With the SAS ® Event Stream Processing Engine, it’s built in.

This kind of continuous aggregation would be difficult with traditional tools. Let’s say you wanted to detect gift card fraud: “Tell me when the value of gift card redemptions at any point-of-sale (POS) machine is more than $2,000 in an hour.” Event stream processing can continuously calculate metrics across sliding time windows of moving data to understand real-time trends. Event stream processing relies on three principal capabilities – aggregation, correlation and temporal analytics – to deal with data in motion. Managing data in motion ( streaming data) is different from managing data at rest. It is a form of complex event processing that empowers you (or an automated system) to spot patterns and make decisions faster than ever. Event stream processing continuously analyzes data as it flows into the organization, and then triggers an action based on the information flow. That’s the promise of event stream processing.

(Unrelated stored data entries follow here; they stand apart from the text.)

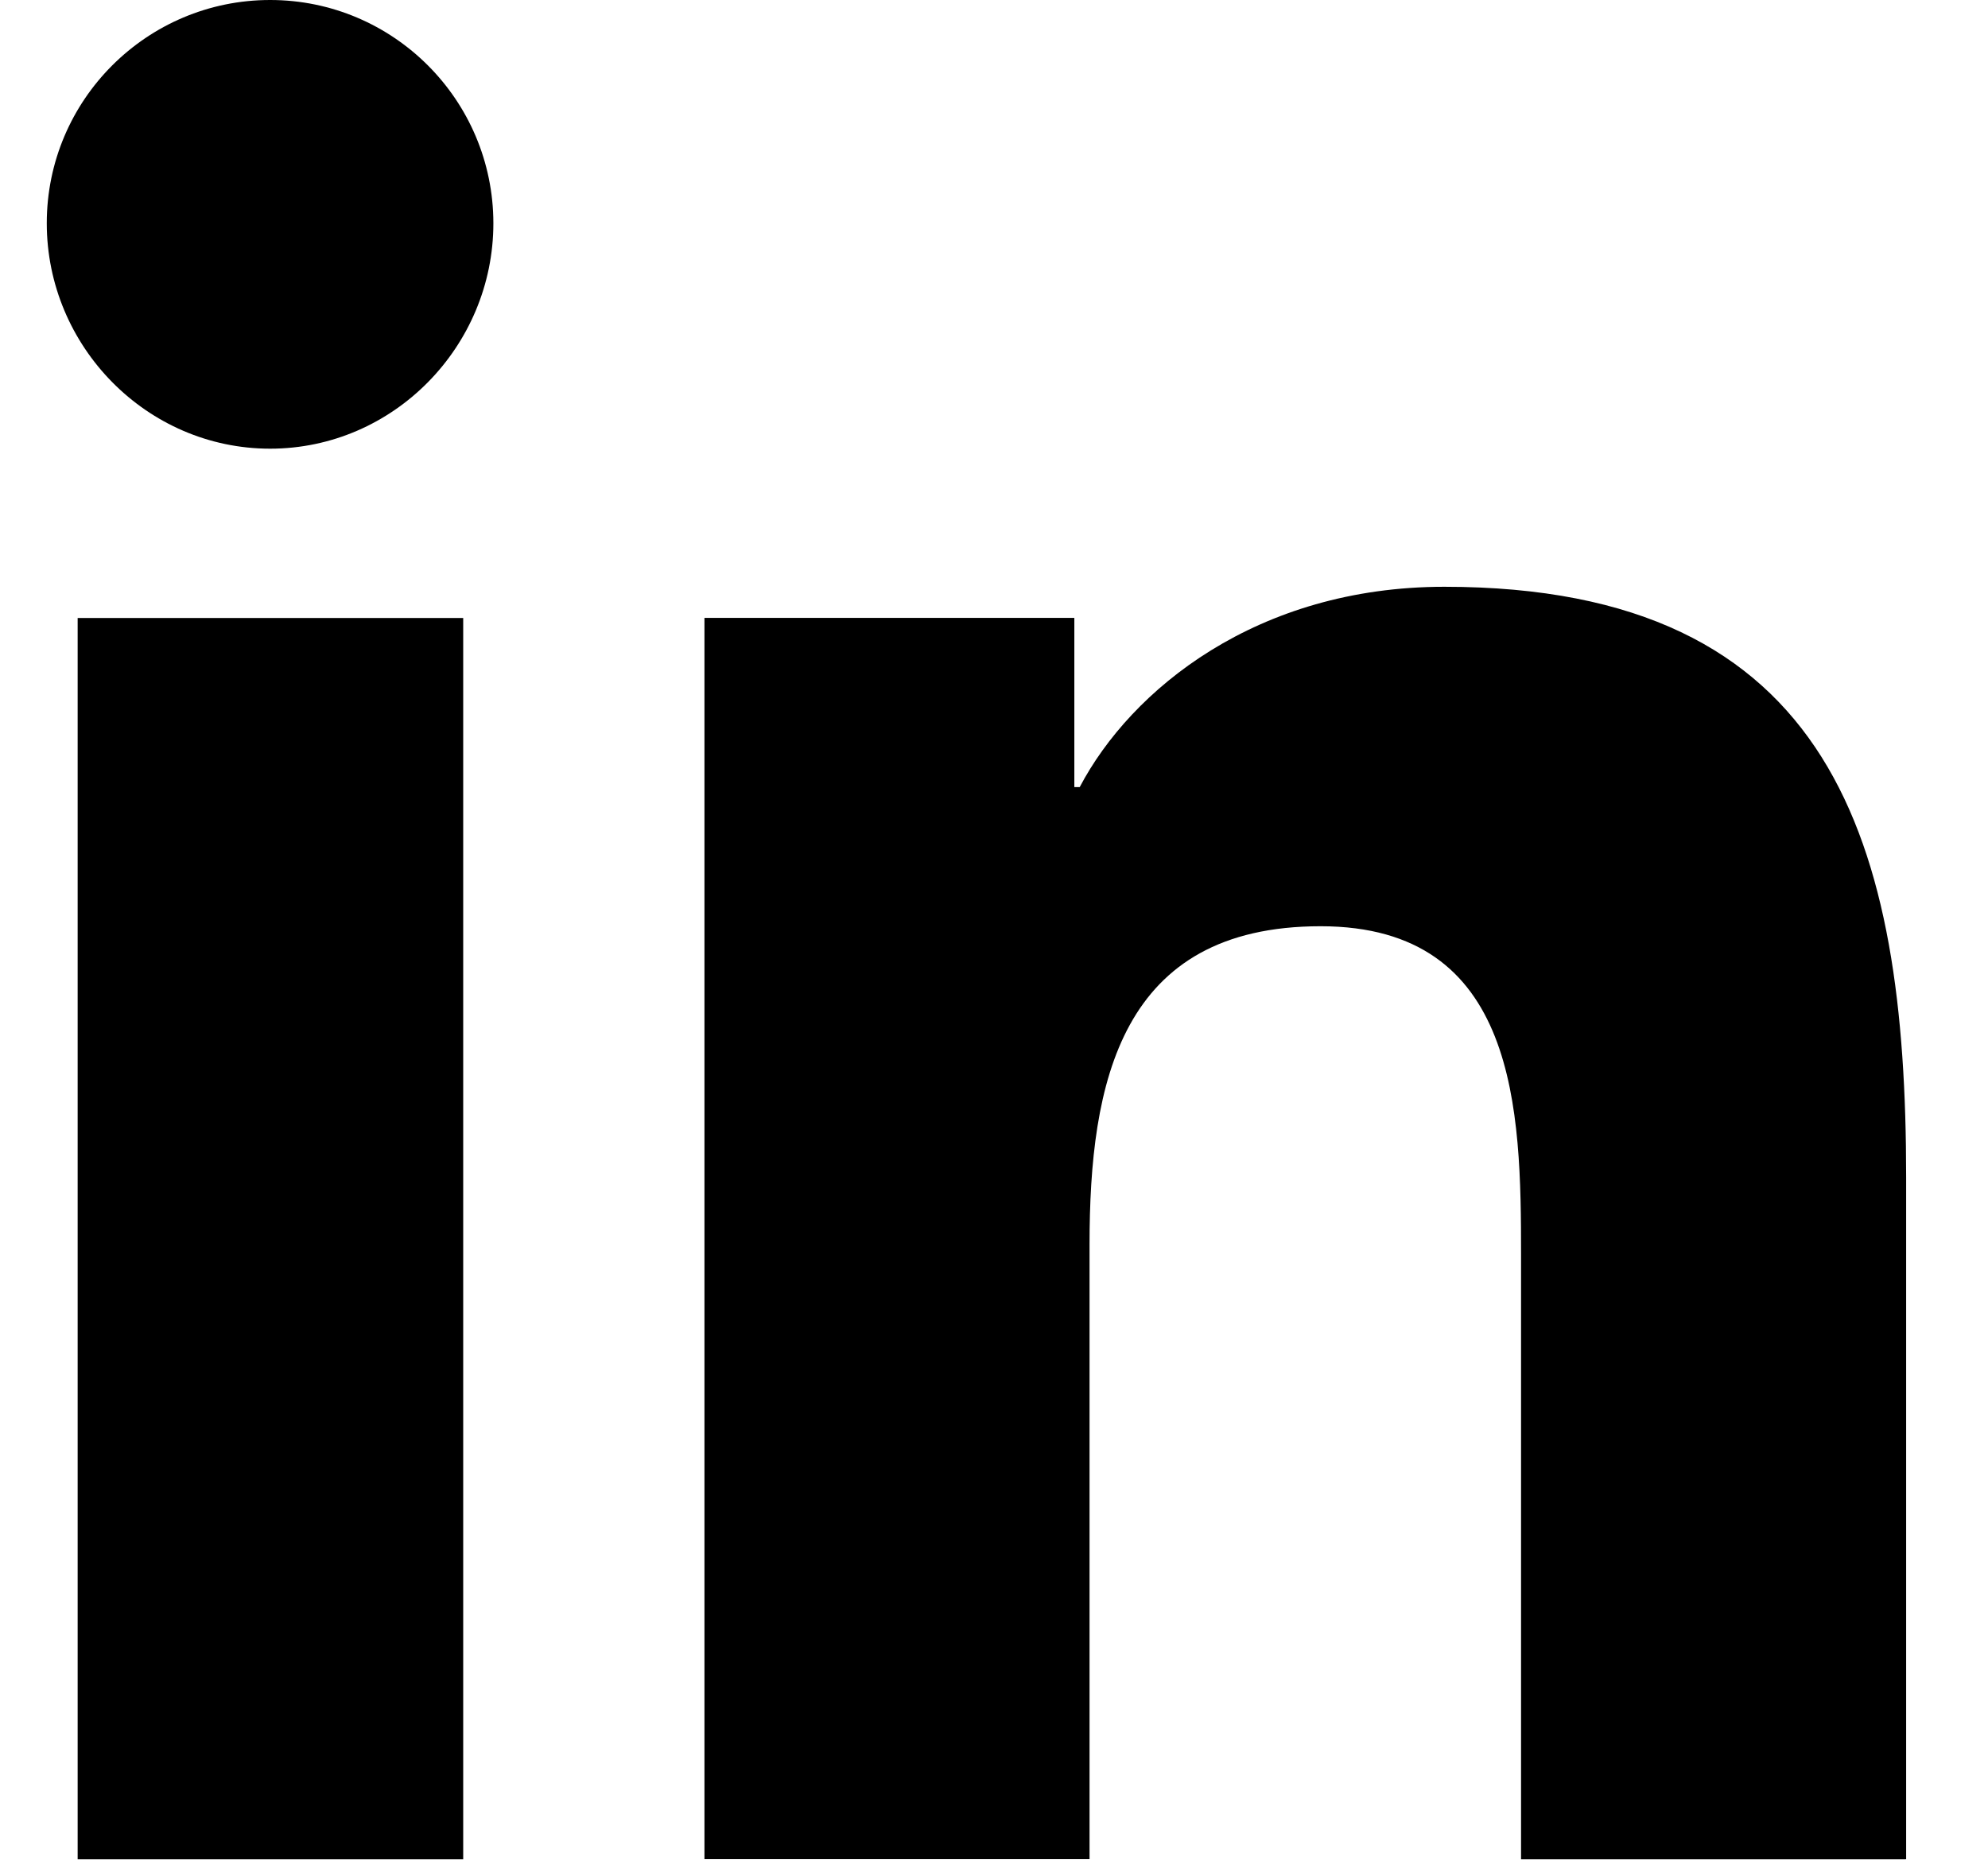 <?xml version="1.0" encoding="iso-8859-1" ?>
<svg width="17" height="16" viewBox="0 0 17 16" fill="none" xmlns="http://www.w3.org/2000/svg">
<g clip-path="url(#clip0)">
<path d="M16.297 15.9V15.899H16.3V10.068C16.3 7.215 15.686 5.018 12.351 5.018C10.748 5.018 9.672 5.897 9.233 6.731H9.187V5.284H6.024V15.899H9.317V10.643C9.317 9.259 9.579 7.921 11.293 7.921C12.982 7.921 13.007 9.5 13.007 10.732V15.9H16.297Z" fill="#000000"/>
<path d="M0.664 5.285H3.961V15.9H0.664V5.285Z" fill="#000000"/>
<path d="M2.31 0C1.256 0 0.4 0.855 0.4 1.909C0.4 2.963 1.256 3.837 2.31 3.837C3.364 3.837 4.219 2.963 4.219 1.909C4.218 0.855 3.363 0 2.31 0V0Z" fill="#000000"/>
</g>
<defs>
<clipPath id="clip0">
<rect width="15.9" height="15.9" fill="#000000" transform="translate(0.4)"/>
</clipPath>
</defs>
</svg>

Find what’s meaningful, grab only what you need, and get instant insights to react immediately and make the best decisions as data is flowing in.
#Understanding fitplot sas torrent
Those streams of data contain a wealth of potentially valuable insight – if you can capture and analyze it.īut how do you manage such a torrent of data? Where would you store it? How long would it take to make sense of it? Traditional approaches, which apply analytics after data is stored, may provide insights too late for many purposes – and most real-time-enabled applications can’t deal with this much constantly flowing data. Data pours into the organization from every conceivable direction: from operational and transactional systems from scanners, sensors and smart meters from inbound and outbound customer contact points from mobile media and the Web.